Learning to translate words into mathematical expressions is one of the most important skills in algebra. It helps you solve real-world problems, from calculating discounts during shopping to understanding patterns in science experiments. This guide will break down everything you need to know about this concept in the simplest way possible.
What Does “If 10 Be Added to Four Times a Number” Mean?
Let’s decode this phrase word by word.
“A number” means any unknown value. In algebra, we represent this with a variable like x, y, or n.
“Four times a number” means multiplying that unknown number by 4. If the number is x, then four times that number is 4x.
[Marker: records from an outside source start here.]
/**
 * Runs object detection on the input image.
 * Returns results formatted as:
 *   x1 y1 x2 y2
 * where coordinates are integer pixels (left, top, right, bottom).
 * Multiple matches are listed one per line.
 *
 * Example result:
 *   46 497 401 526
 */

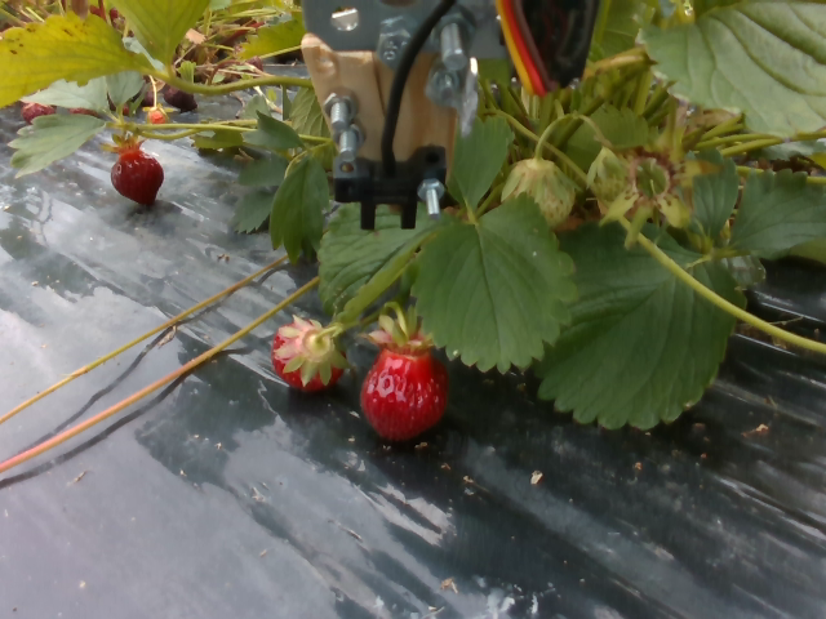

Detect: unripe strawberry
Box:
505 162 579 227
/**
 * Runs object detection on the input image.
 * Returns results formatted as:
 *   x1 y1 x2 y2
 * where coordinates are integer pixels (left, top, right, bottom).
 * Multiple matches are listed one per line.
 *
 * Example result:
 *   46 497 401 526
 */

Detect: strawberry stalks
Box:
526 110 581 181
384 299 424 357
113 119 136 157
307 305 359 353
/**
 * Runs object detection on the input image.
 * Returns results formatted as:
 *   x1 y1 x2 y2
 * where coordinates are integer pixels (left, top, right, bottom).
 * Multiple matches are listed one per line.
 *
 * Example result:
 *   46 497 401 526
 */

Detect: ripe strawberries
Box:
364 345 440 438
271 325 340 384
115 148 157 201
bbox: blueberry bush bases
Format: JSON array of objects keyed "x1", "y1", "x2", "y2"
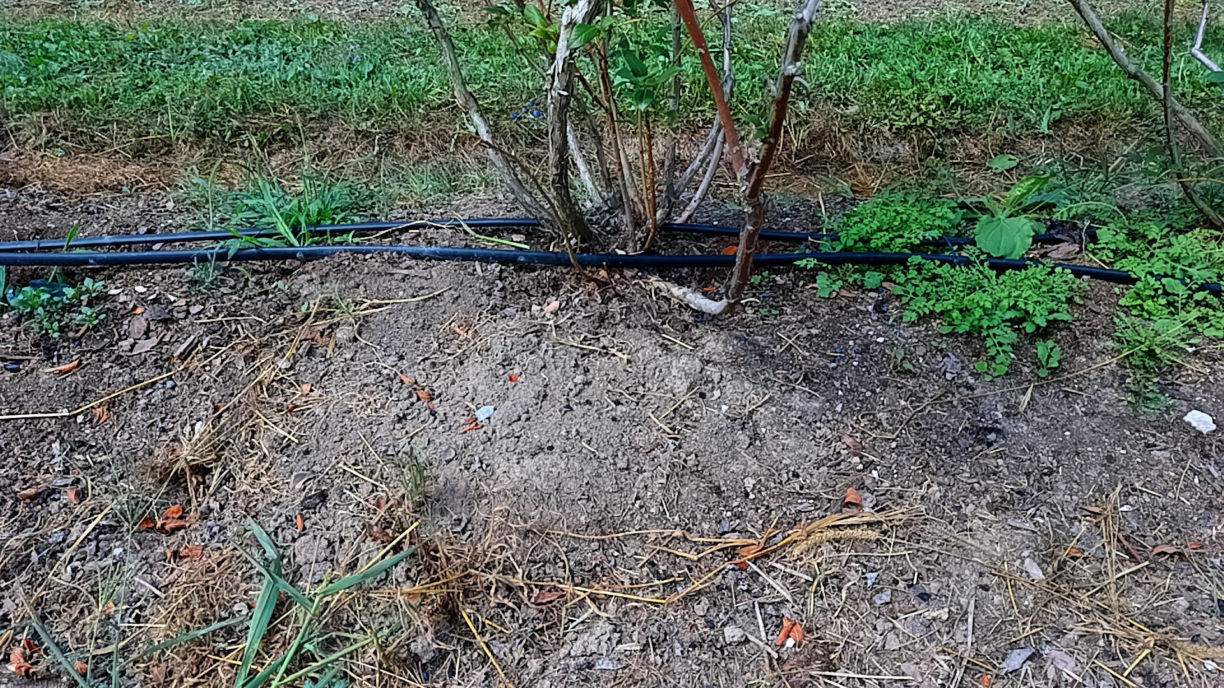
[
  {"x1": 1130, "y1": 67, "x2": 1224, "y2": 306},
  {"x1": 476, "y1": 97, "x2": 791, "y2": 336}
]

“10 be added to” means we’re adding 10 to whatever we calculated before.
So the complete expression becomes: 4x + 10
Think of it like ordering pizza. If one pizza costs x rupees, then four pizzas cost 4x rupees. If you also pay a ₹10 delivery charge, your total becomes 4x + 10.
Breaking Down the Expression Step by Step
Understanding the order of operations helps you translate word problems correctly.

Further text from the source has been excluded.